Take the subs crossover and turn it up as high as it will go. The receiver will control the crossover internally.


----------



## fiezdude (Jan 28, 2014)

tonyvdb said:


> Take the subs crossover and turn it up as high as it will go. The receiver will control the crossover internally.


The sub cut of runs from 40 to 200 hz. I have put it at aprox 120 hz, phase at 0 degrees and level at half. At this point, it sounds ok for all type of music especially acoustics. ( Diana Krall) ;-). Hope these settings are recommended for the speaker types that i uses.

JK


----------



## tonyvdb (Sep 5, 2007)

You should turn off the crossover on the sub if you can or turn it all the way up to 200Hz
otherwise you can have two crossovers fighting each other.


----------



## fiezdude (Jan 28, 2014)

tonyvdb said:


> You should turn off the crossover on the sub if you can or turn it all the way up to 200Hz otherwise you can have two crossovers fighting each other.

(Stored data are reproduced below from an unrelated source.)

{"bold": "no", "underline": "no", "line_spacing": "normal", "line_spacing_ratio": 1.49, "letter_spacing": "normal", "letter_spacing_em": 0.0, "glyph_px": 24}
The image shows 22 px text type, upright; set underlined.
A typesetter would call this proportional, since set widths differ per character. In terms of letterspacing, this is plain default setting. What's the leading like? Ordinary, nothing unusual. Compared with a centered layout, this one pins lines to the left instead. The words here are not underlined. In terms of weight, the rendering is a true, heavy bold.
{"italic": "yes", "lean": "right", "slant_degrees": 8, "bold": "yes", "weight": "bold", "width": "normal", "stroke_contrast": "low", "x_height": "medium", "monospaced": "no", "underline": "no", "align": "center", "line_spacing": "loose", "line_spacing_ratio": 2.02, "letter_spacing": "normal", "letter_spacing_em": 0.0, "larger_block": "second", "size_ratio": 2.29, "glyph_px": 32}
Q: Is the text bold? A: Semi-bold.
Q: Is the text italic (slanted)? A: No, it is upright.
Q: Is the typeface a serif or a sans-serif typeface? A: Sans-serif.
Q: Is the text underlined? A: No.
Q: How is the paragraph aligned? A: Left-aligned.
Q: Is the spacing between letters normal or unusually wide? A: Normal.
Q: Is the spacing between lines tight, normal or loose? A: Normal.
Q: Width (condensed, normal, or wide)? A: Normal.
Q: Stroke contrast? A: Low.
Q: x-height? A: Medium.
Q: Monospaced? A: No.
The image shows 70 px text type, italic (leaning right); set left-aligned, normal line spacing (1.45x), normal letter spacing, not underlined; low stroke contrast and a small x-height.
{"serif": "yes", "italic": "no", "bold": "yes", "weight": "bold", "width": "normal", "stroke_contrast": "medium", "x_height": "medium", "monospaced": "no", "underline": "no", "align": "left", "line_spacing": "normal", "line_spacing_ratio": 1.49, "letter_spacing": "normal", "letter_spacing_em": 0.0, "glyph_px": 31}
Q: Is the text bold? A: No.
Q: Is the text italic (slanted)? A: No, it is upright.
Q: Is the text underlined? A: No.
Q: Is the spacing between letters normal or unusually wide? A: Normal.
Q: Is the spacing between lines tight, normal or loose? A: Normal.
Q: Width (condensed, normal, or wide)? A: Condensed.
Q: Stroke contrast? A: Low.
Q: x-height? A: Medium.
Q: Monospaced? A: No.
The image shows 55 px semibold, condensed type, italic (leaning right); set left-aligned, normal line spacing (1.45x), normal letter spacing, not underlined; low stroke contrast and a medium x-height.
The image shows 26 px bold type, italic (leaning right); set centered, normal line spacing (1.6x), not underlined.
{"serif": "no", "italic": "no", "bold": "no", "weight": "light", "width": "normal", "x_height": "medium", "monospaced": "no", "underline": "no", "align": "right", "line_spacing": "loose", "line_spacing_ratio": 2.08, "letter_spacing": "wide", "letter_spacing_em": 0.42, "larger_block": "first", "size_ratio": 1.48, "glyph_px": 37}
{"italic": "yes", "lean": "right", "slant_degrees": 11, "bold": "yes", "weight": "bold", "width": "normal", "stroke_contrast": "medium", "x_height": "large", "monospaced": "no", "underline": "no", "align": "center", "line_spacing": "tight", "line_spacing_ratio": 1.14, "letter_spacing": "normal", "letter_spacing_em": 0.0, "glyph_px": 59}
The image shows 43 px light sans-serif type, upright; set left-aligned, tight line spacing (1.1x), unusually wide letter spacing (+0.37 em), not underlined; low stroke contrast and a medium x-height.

I think my biggest question would be ( this the manufacturer doesn't seem to say) If the sub pre out is set by the same in built crossover of the receiver. On the jamo sub 210, there is actually no option to switch off the cut of but just a dail from 40-200. If i turn it to 200, the bass sounds too dry/ stiff just to described. There something am not just getting about sub an receiver crossover. Sorry for not being on the same page.

JK


----------



## tonyvdb (Sep 5, 2007)

Yes, thats possible. What is happening is now your hearing the frequencies that normally a larger speaker would be doing. Because your Speakers are small and only go down to 150Hz your sub is going to have to reach higher than what we would normally like them to. Anything above 80Hz can be heard.


----------